Pressure's off for Protestants now that they're not the majority

I have more experience being a minority than you might think would be the case with a tall white American male in his 60s.

I once attended a grammar school in India in which I was the only American. I also have attended many worship services of religions not my own. Beyond that, how many German/Swedish-American Cubs fans do you know?

So I'm prepared to be a Protestant today in America, where, for the first time in our national history, we Protestants no longer make up a majority of our population, a new study shows.

Not too many decades ago, the United States was a landslide for Protestantism. We ruled. Quite literally.

Thank God those days are over, though I think a U.S. Supreme Court with six Catholics and three Jews seems a little unrepresentative. But I don't want you Catholics feeling sorry for me just because Protestants today make up only a plurality of the American religious landscape, not a majority.

I feel about this turn of events the way I feel about the world entering what many scholars call the post-Christian era: I feel relieved. I feel glad not to be in charge any more. I feel liberated and I think the church now is freer to be the church.

When we Protestants ran the country, we did much good, but there was a disastrous tendency to confuse religion with patriotism. We often thought our duties as citizens were somehow automatically in harmony with our religious obligations as disciples of Jesus Christ.

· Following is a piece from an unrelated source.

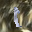
Label: 1
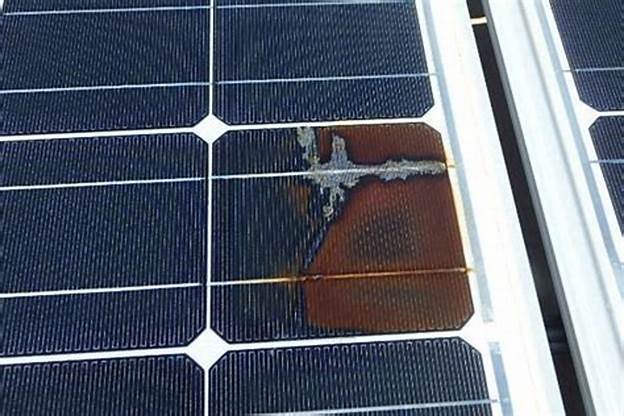
Label: Electrical-damage

So it was difficult for us to offer useful, penetrating critiques of our culture, our government and our national traditions. For instance, some Protestants went bonkers when the Supreme Court declared organized prayer in public schools unconstitutional. Beyond that, we began to act as if capitalism were a divinely ordered economic system and that criticizing it for its tendency to oppress people in various ways was heresy. Heck, even acknowledging that tendency often still is seen as heresy.

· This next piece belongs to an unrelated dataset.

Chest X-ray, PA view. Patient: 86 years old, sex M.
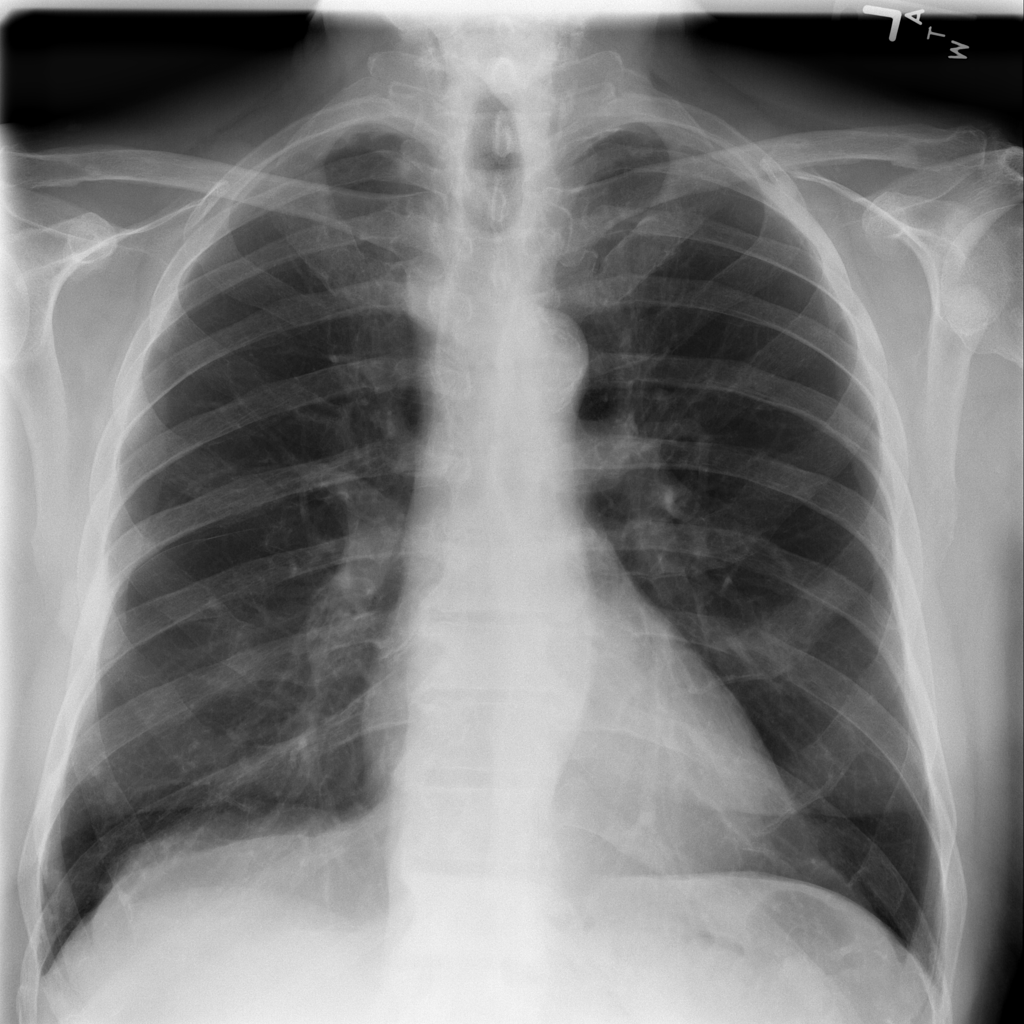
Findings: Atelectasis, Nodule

But now we Protestants are freed from the obligations of defending the status quo. Now we can be the peasants, the dissenting voices. We can more easily play the role of court jester, which means shining a spotlight on whatever has gone bad and needs fixing, though it would help if we learned to do that with as much humor as court jesters have.

Except for two years of my boyhood spent in India, I grew up in a small town in northern Illinois in which Protestants dominated. There was a sizable Catholic community, to be sure, but everybody knew that in Woodstock, the civic power and responsibility rested with the Presbyterians, Methodists, Lutherans, Baptists and other Protestants.

Our one Jewish family certainly knew that, given that it took years for those Protestants to give Dr. B.B. Neuchiller practicing privileges at the only hospital in town.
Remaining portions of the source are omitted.